[RECORDS TO PROCESS]
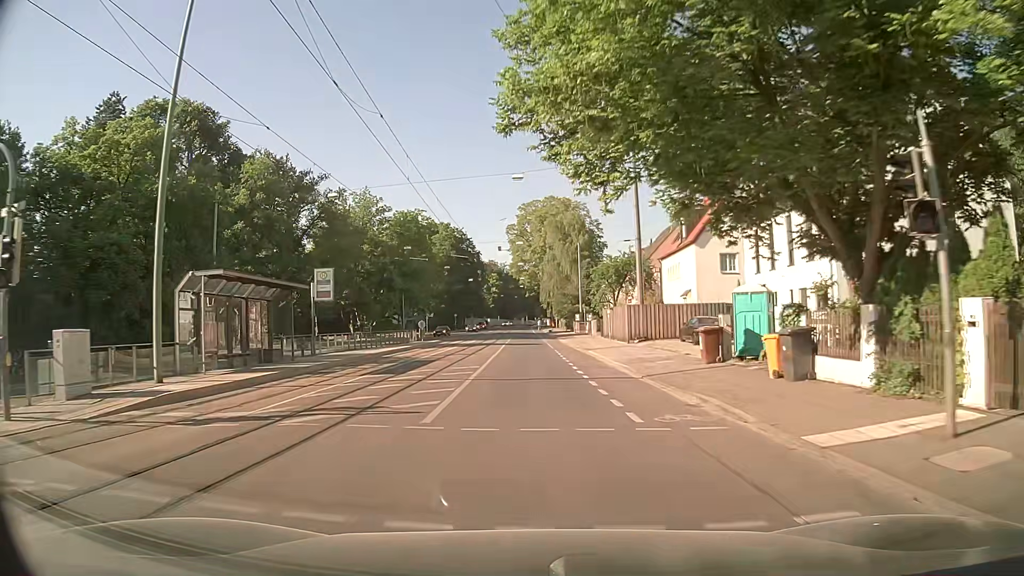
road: secondary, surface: asphalt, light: Day
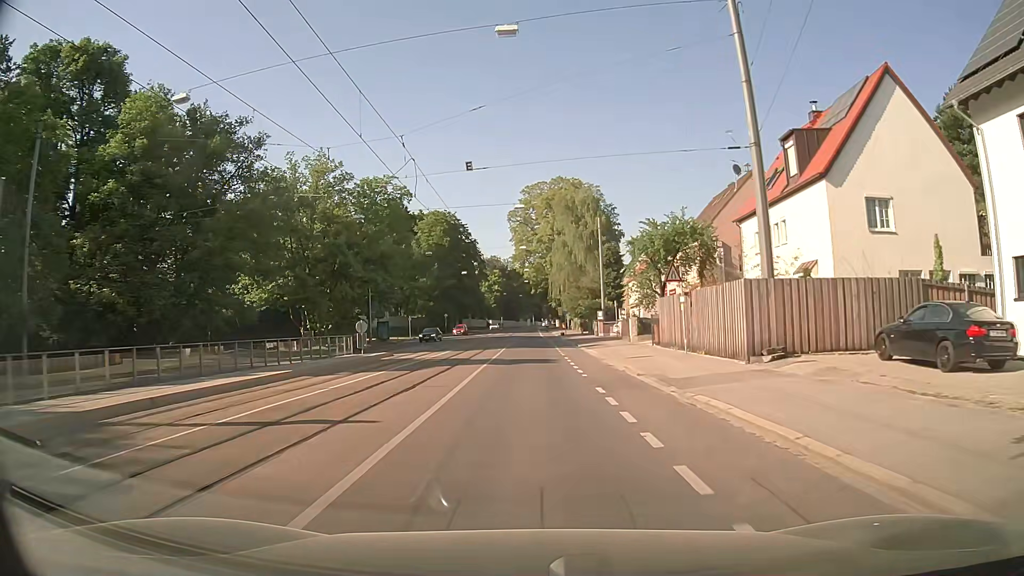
(-0.1, +21.8) m; -1°
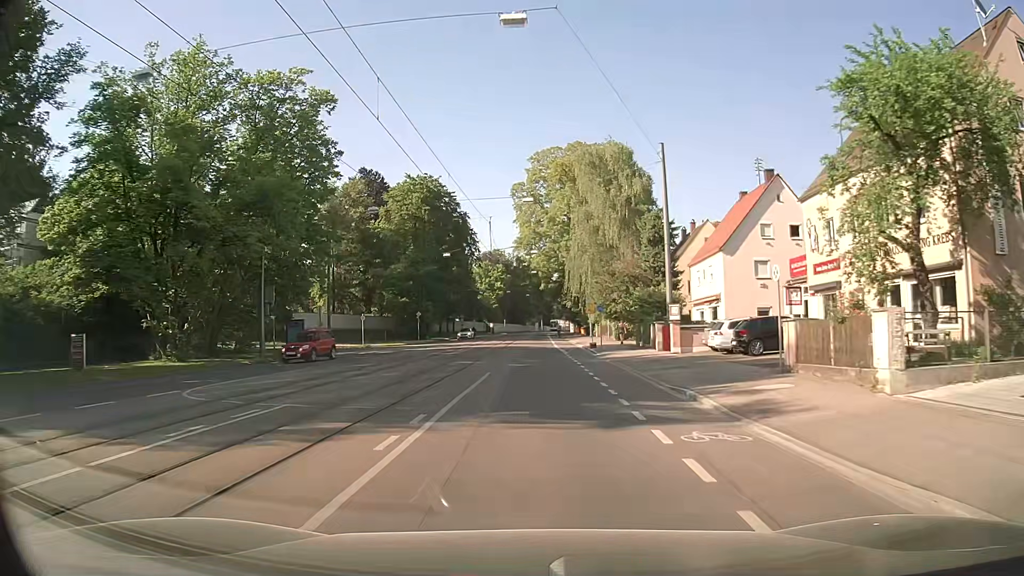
(-0.1, +30.3) m; -1°
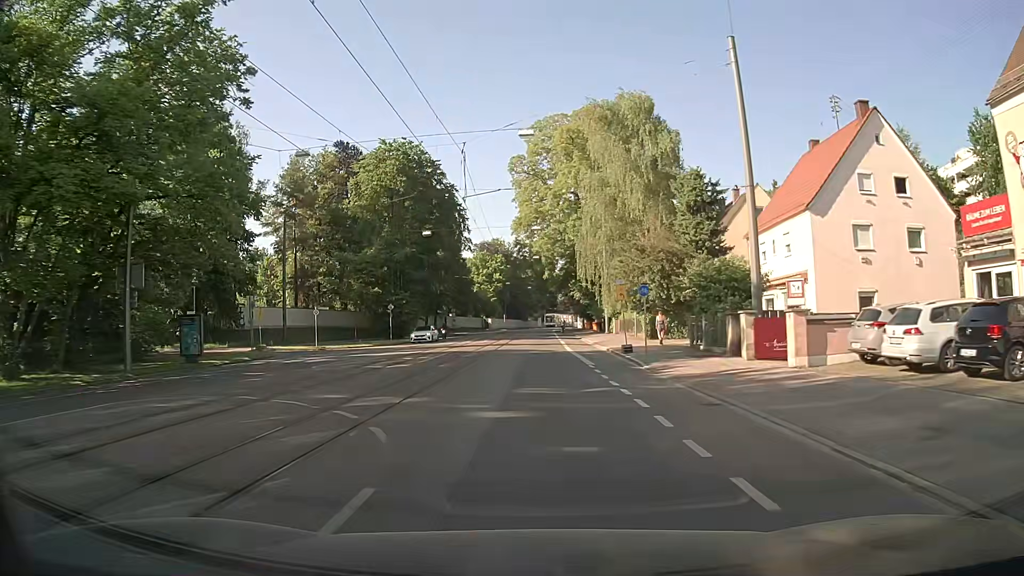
(+0.1, +15.0) m; 0°
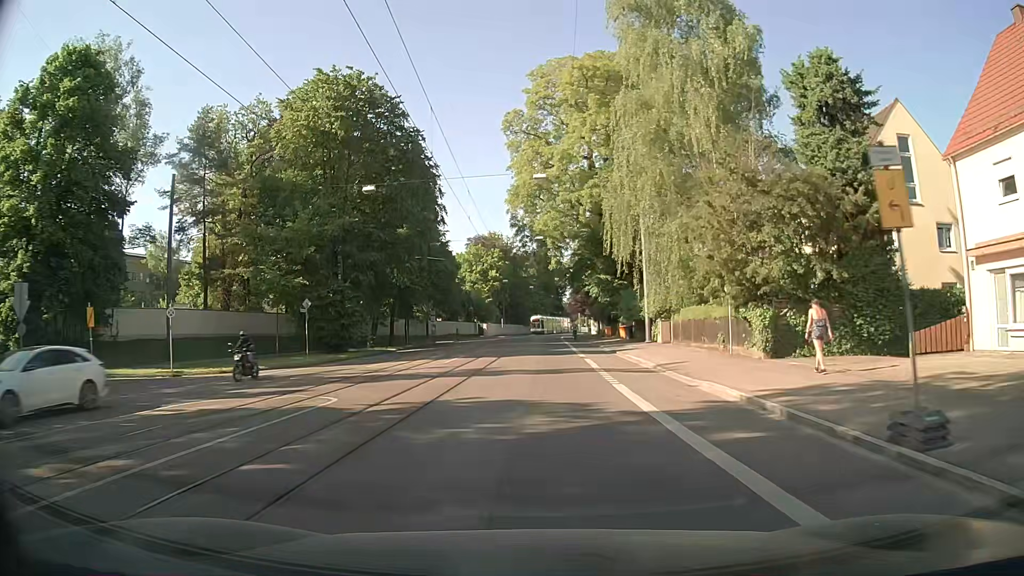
(0.0, +22.0) m; 0°
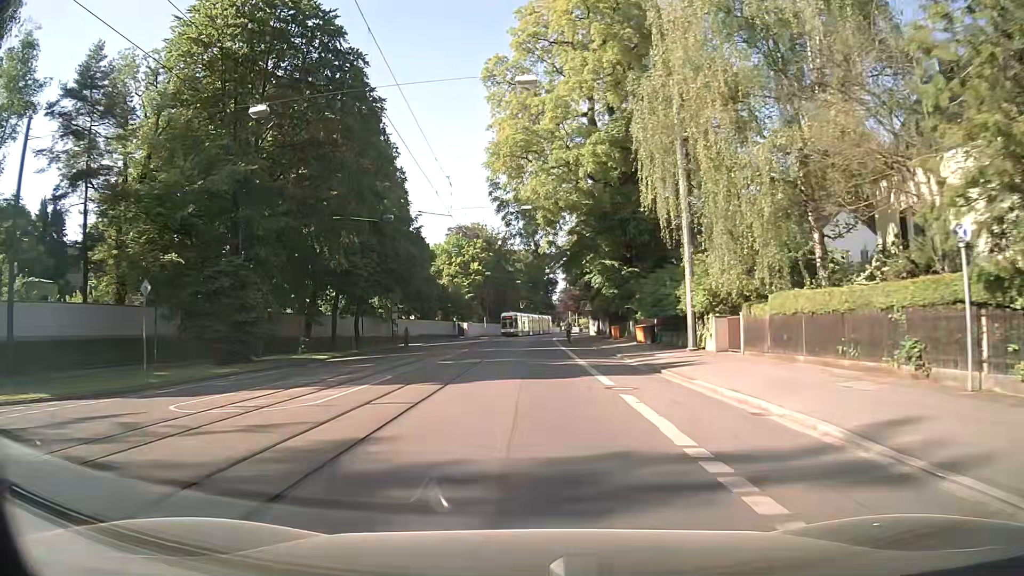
(+0.2, +14.9) m; 0°
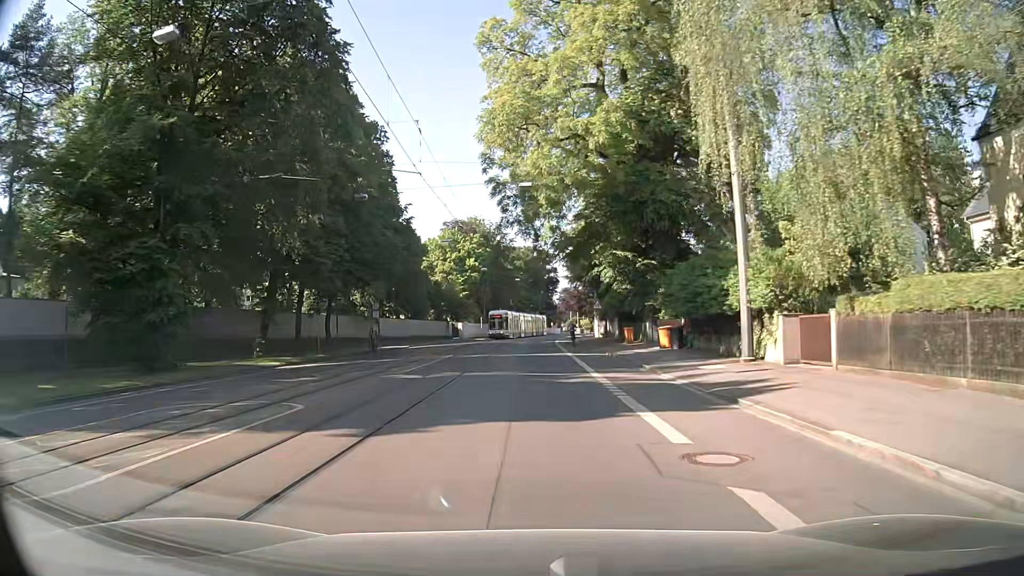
(0.0, +7.5) m; +1°
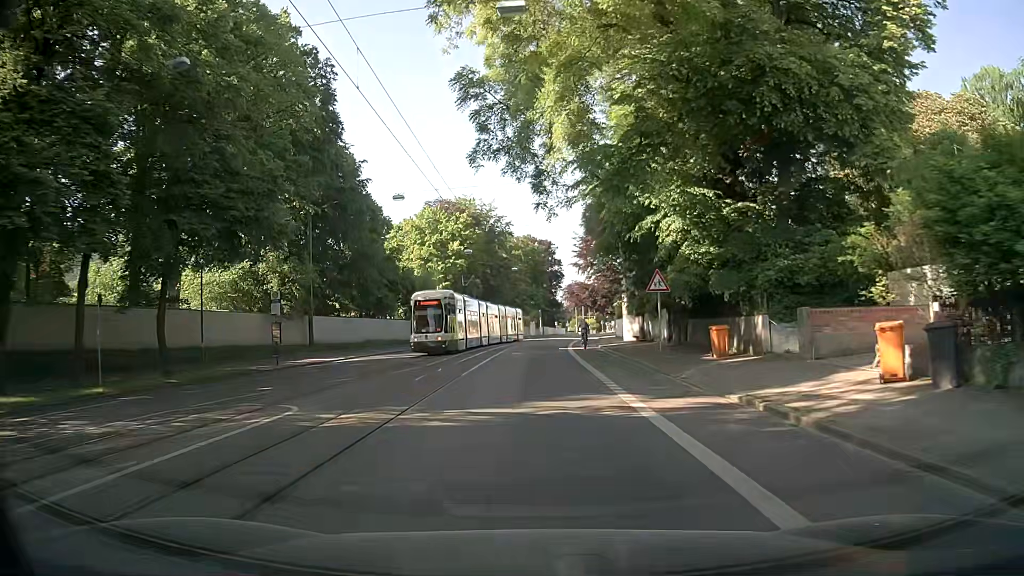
(-0.1, +21.5) m; 0°
(0, +10) (0, +20) (0, +30) (0, +40) (0, +50) (+1, +60) (+2, +70) (+3, +80) (+5, +90) (+7, +100) m

[YOUR OBJECTIVE]
Could you give the listing again exactly, minus its pictures?

[EXERCISE RESPONSE]
road: secondary, surface: asphalt, light: Day
(-0.1, +21.8) m; -1°
(-0.1, +30.3) m; -1°
(+0.1, +15.0) m; 0°
(0.0, +22.0) m; 0°
(+0.2, +14.9) m; 0°
(0.0, +7.5) m; +1°
(-0.1, +21.5) m; 0°
(0, +10) (0, +20) (0, +30) (0, +40) (0, +50) (+1, +60) (+2, +70) (+3, +80) (+5, +90) (+7, +100) m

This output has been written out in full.